__Aim of the exercise__
From the data below, repeat everything exactly except the images.

__Data for processing__
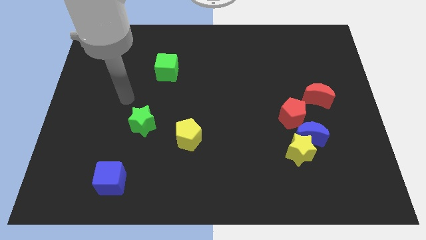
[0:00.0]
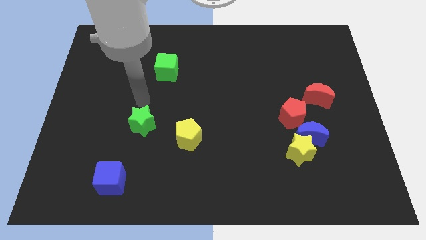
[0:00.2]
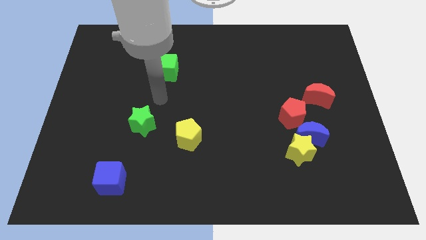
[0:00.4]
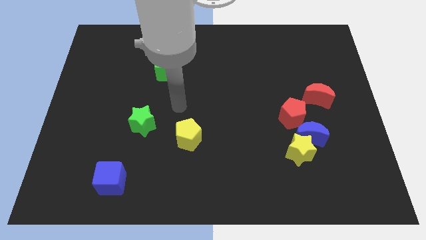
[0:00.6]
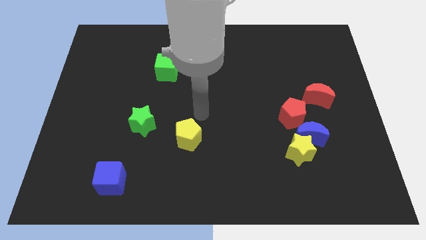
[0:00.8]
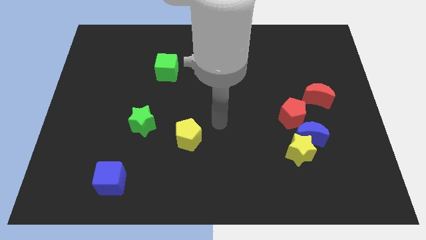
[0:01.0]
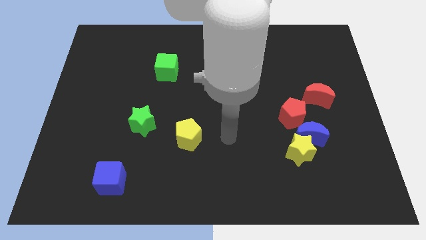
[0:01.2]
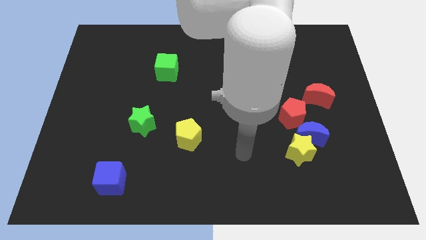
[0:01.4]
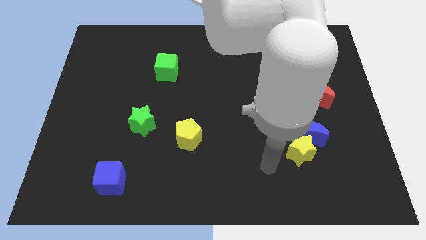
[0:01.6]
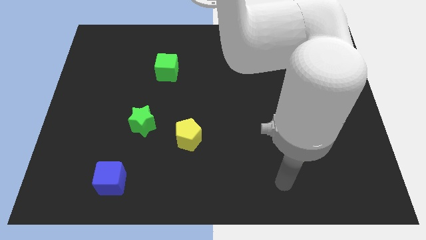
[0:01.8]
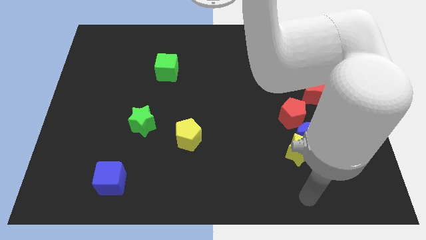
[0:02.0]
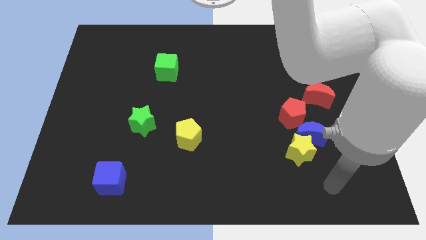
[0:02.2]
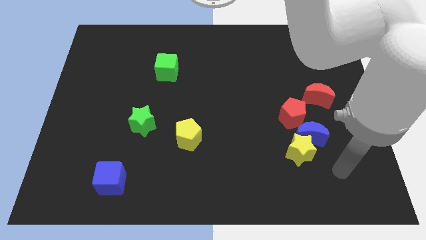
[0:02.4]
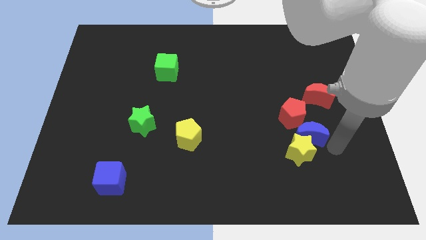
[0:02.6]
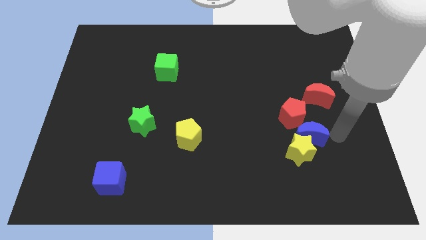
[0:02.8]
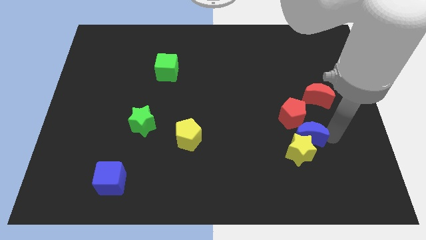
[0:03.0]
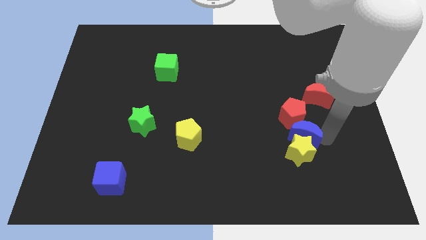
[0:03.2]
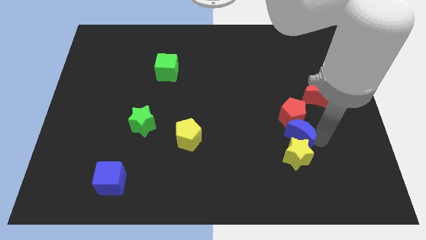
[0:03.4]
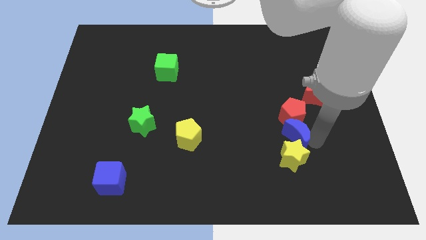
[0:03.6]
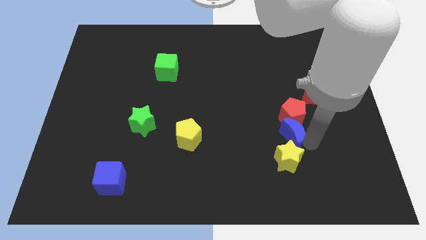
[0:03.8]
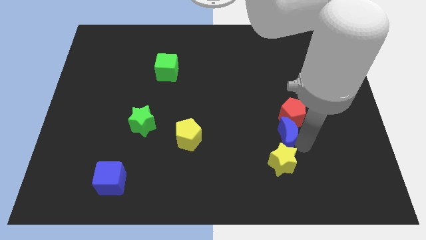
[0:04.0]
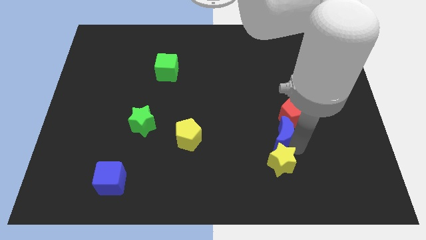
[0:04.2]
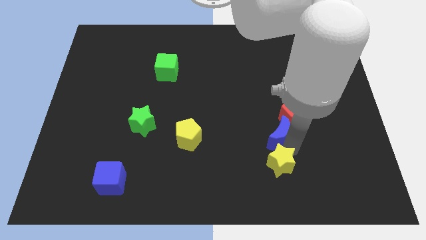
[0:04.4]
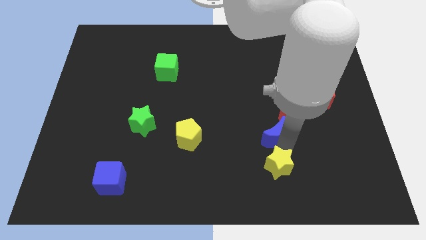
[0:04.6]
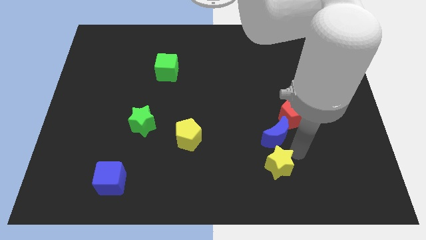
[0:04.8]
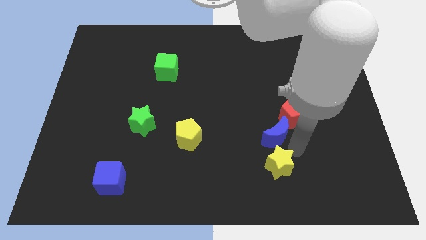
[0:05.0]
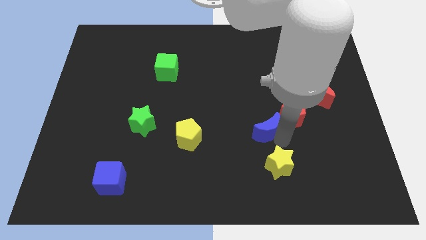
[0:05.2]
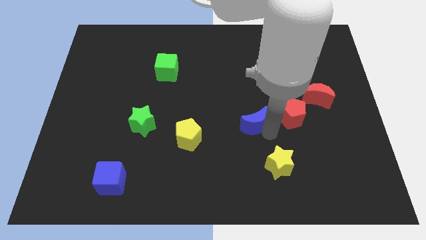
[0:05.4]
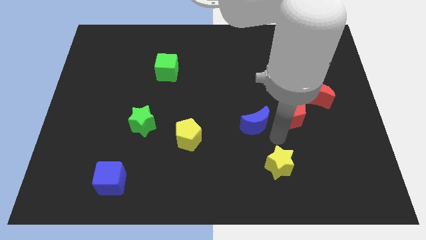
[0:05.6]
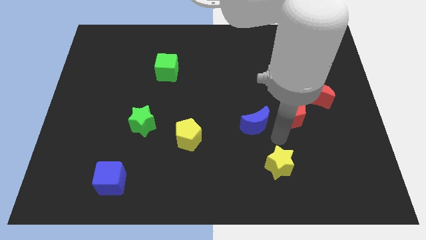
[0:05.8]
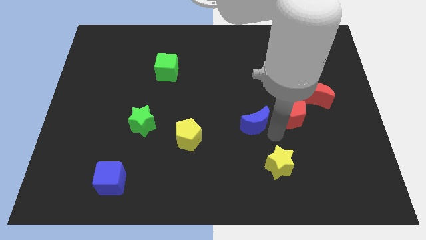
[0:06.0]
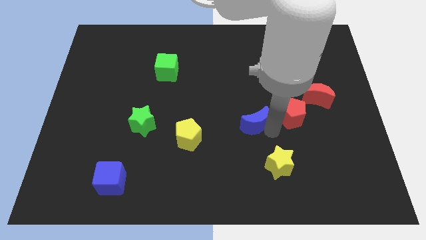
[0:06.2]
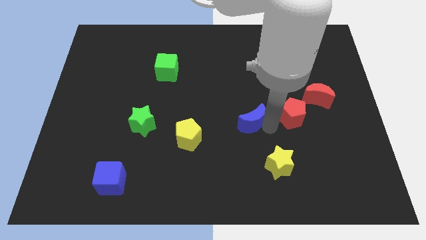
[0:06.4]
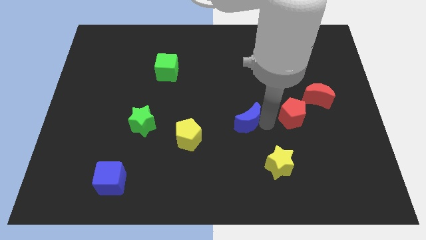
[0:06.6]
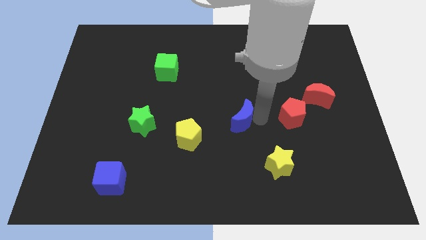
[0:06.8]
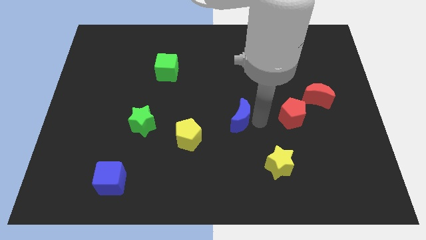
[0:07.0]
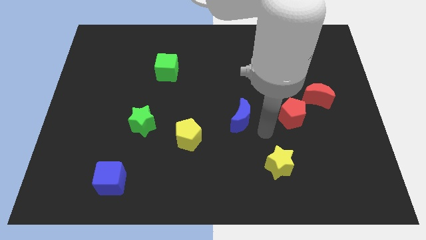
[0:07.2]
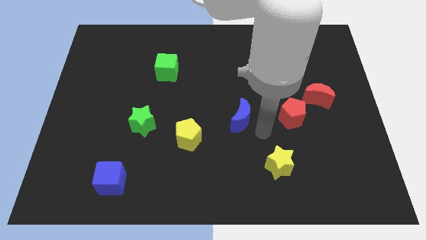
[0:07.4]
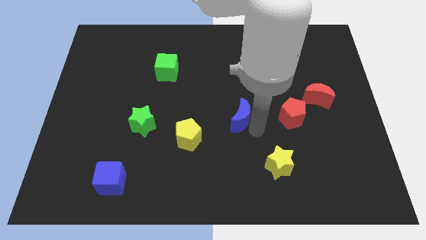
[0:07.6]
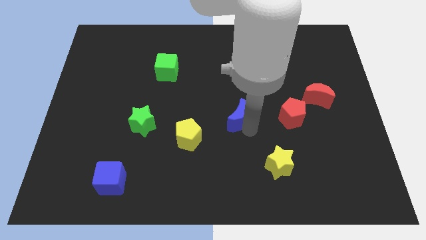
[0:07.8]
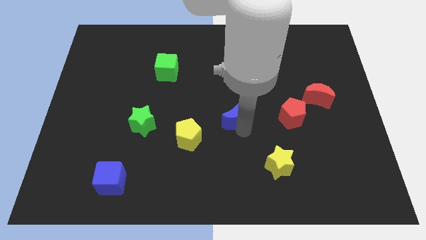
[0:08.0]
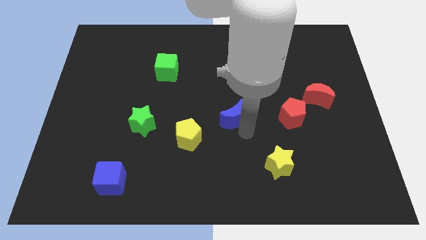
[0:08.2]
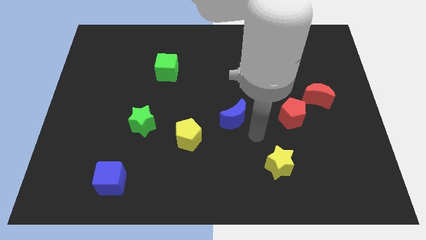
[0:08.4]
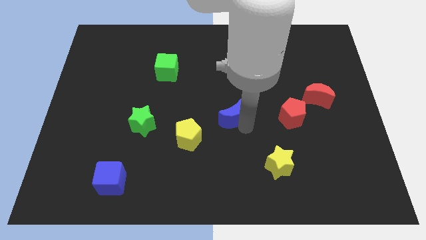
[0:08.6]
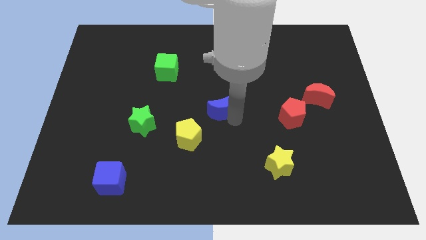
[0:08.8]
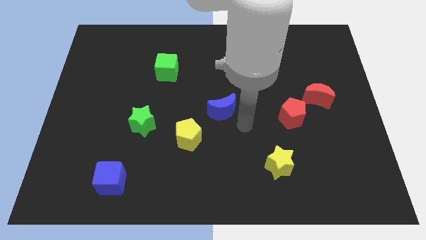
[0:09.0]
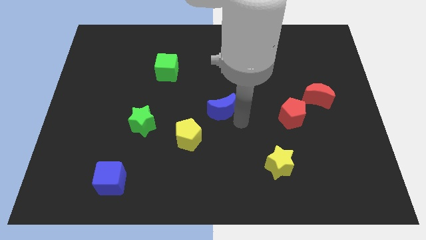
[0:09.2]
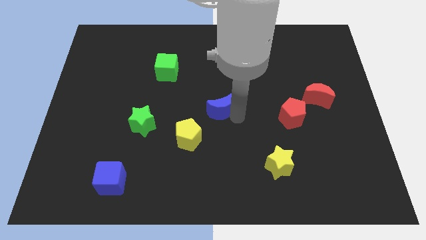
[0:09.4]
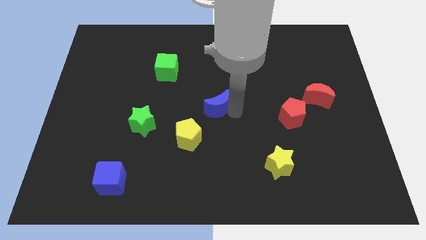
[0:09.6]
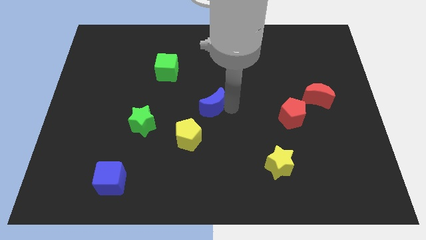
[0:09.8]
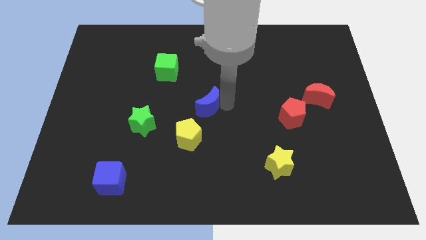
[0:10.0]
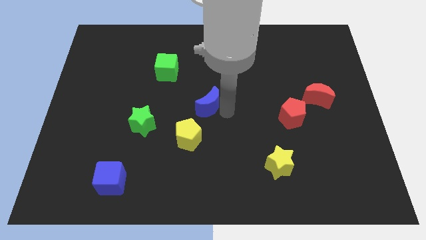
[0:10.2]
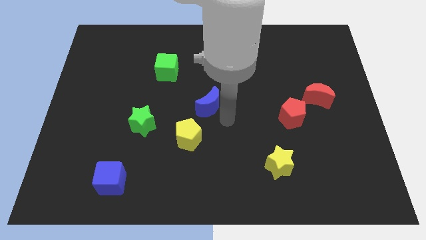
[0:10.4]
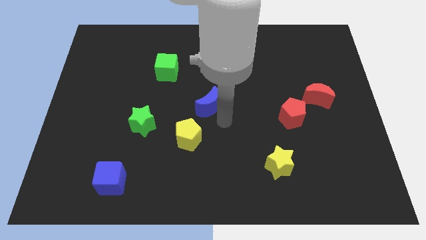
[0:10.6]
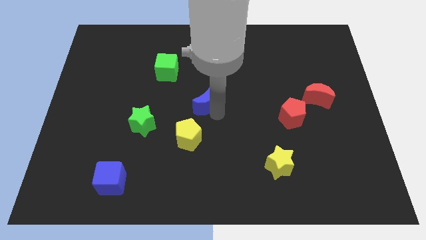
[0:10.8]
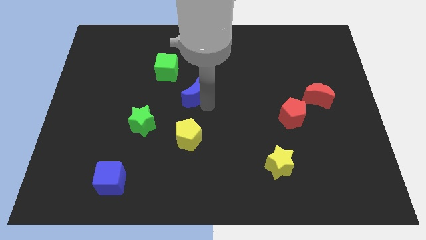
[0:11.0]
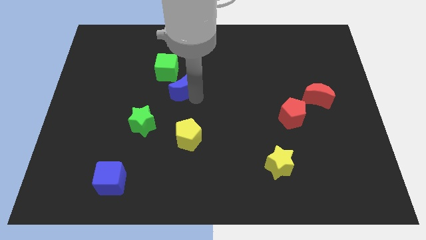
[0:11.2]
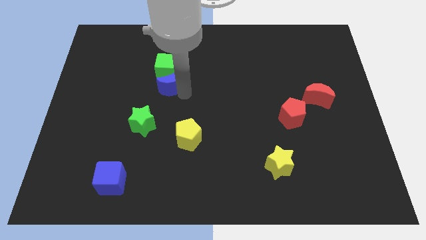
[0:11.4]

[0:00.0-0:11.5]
slide the blue moon to the green cube

__Solution to this task__
[0:00.0]
[0:00.2]
[0:00.4]
[0:00.6]
[0:00.8]
[0:01.0]
[0:01.2]
[0:01.4]
[0:01.6]
[0:01.8]
[0:02.0]
[0:02.2]
[0:02.4]
[0:02.6]
[0:02.8]
[0:03.0]
[0:03.2]
[0:03.4]
[0:03.6]
[0:03.8]
[0:04.0]
[0:04.2]
[0:04.4]
[0:04.6]
[0:04.8]
[0:05.0]
[0:05.2]
[0:05.4]
[0:05.6]
[0:05.8]
[0:06.0]
[0:06.2]
[0:06.4]
[0:06.6]
[0:06.8]
[0:07.0]
[0:07.2]
[0:07.4]
[0:07.6]
[0:07.8]
[0:08.0]
[0:08.2]
[0:08.4]
[0:08.6]
[0:08.8]
[0:09.0]
[0:09.2]
[0:09.4]
[0:09.6]
[0:09.8]
[0:10.0]
[0:10.2]
[0:10.4]
[0:10.6]
[0:10.8]
[0:11.0]
[0:11.2]
[0:11.4]

[0:00.0-0:11.5]
slide the blue moon to the green cube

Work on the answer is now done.